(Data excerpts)
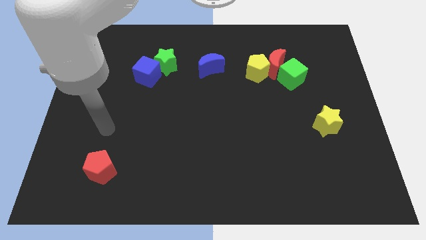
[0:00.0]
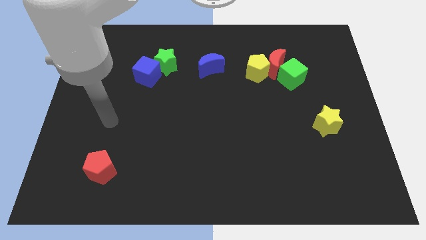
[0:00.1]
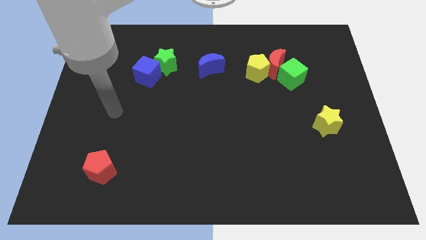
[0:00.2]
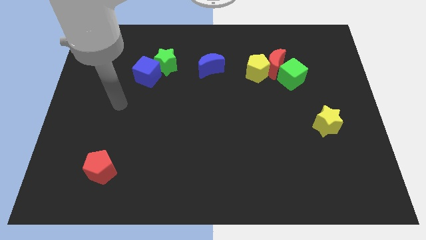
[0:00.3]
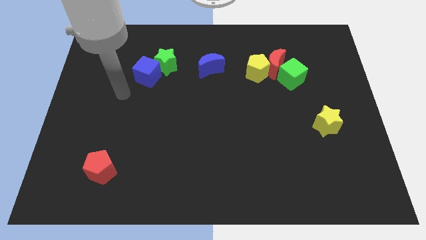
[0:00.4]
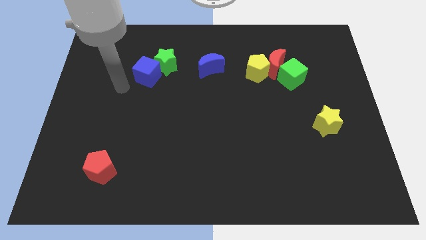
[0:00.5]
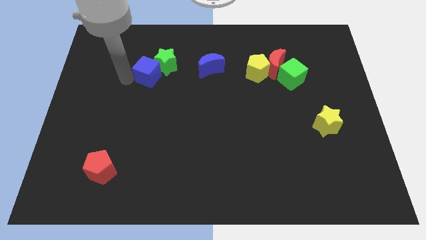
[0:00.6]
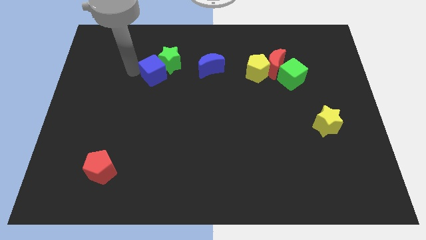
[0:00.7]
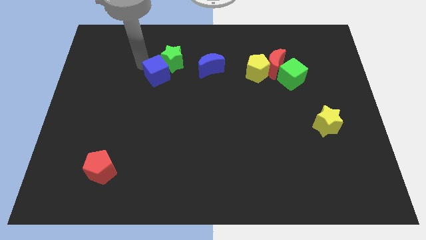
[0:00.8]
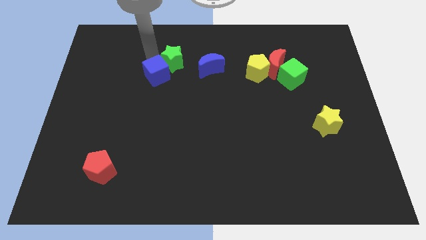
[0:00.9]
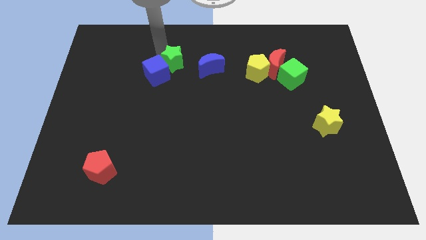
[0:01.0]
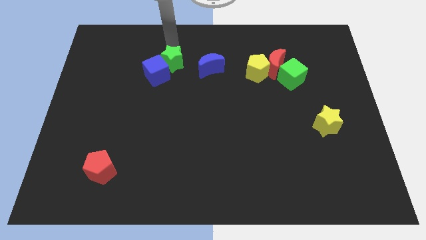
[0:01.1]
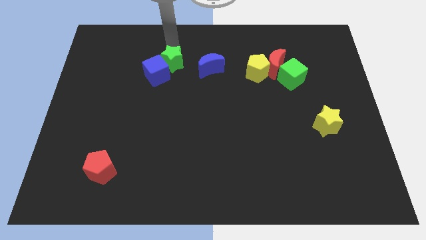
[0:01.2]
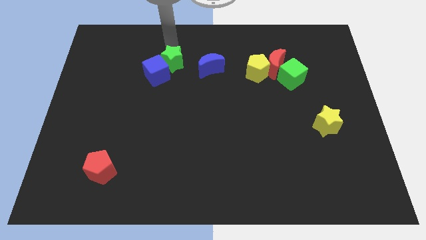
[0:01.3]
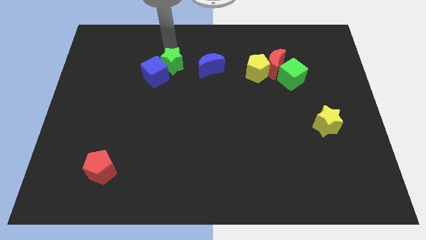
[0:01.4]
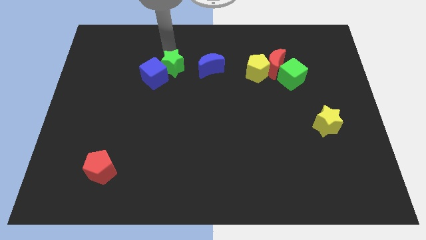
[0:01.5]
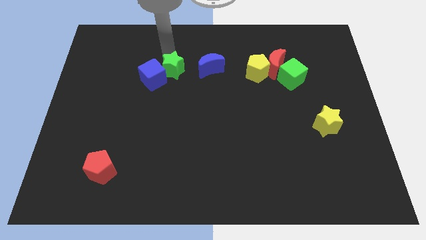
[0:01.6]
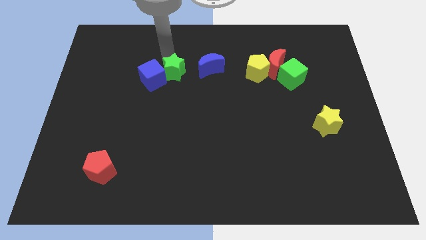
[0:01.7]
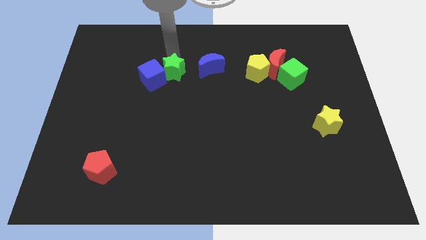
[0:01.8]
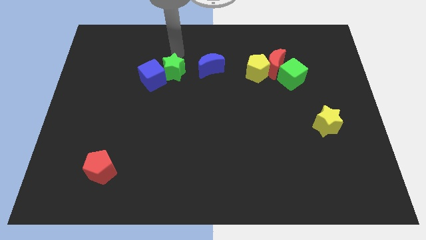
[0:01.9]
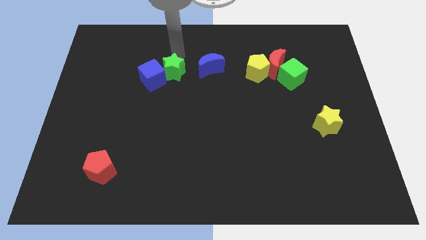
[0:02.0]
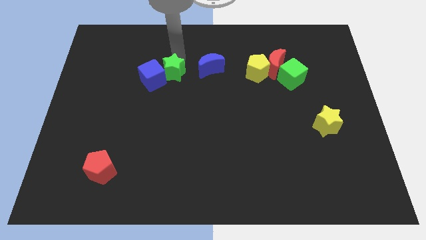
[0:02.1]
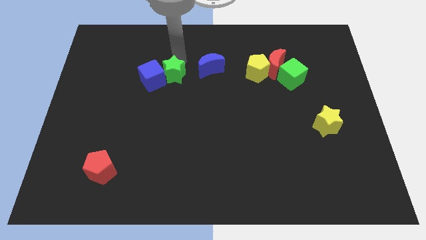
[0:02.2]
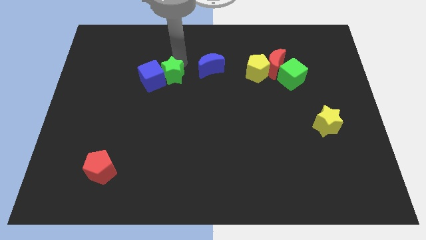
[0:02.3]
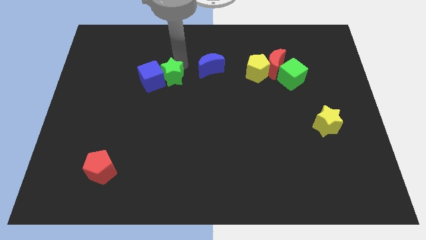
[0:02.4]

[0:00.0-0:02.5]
move the green star diagonally down and to the right of the blue cube

WHAT IS NEEDED ->
Word for word, write out each line of the records, but leave the pictures behind.

TASK ANSWER ->
[0:00.0]
[0:00.1]
[0:00.2]
[0:00.3]
[0:00.4]
[0:00.5]
[0:00.6]
[0:00.7]
[0:00.8]
[0:00.9]
[0:01.0]
[0:01.1]
[0:01.2]
[0:01.3]
[0:01.4]
[0:01.5]
[0:01.6]
[0:01.7]
[0:01.8]
[0:01.9]
[0:02.0]
[0:02.1]
[0:02.2]
[0:02.3]
[0:02.4]

[0:00.0-0:02.5]
move the green star diagonally down and to the right of the blue cube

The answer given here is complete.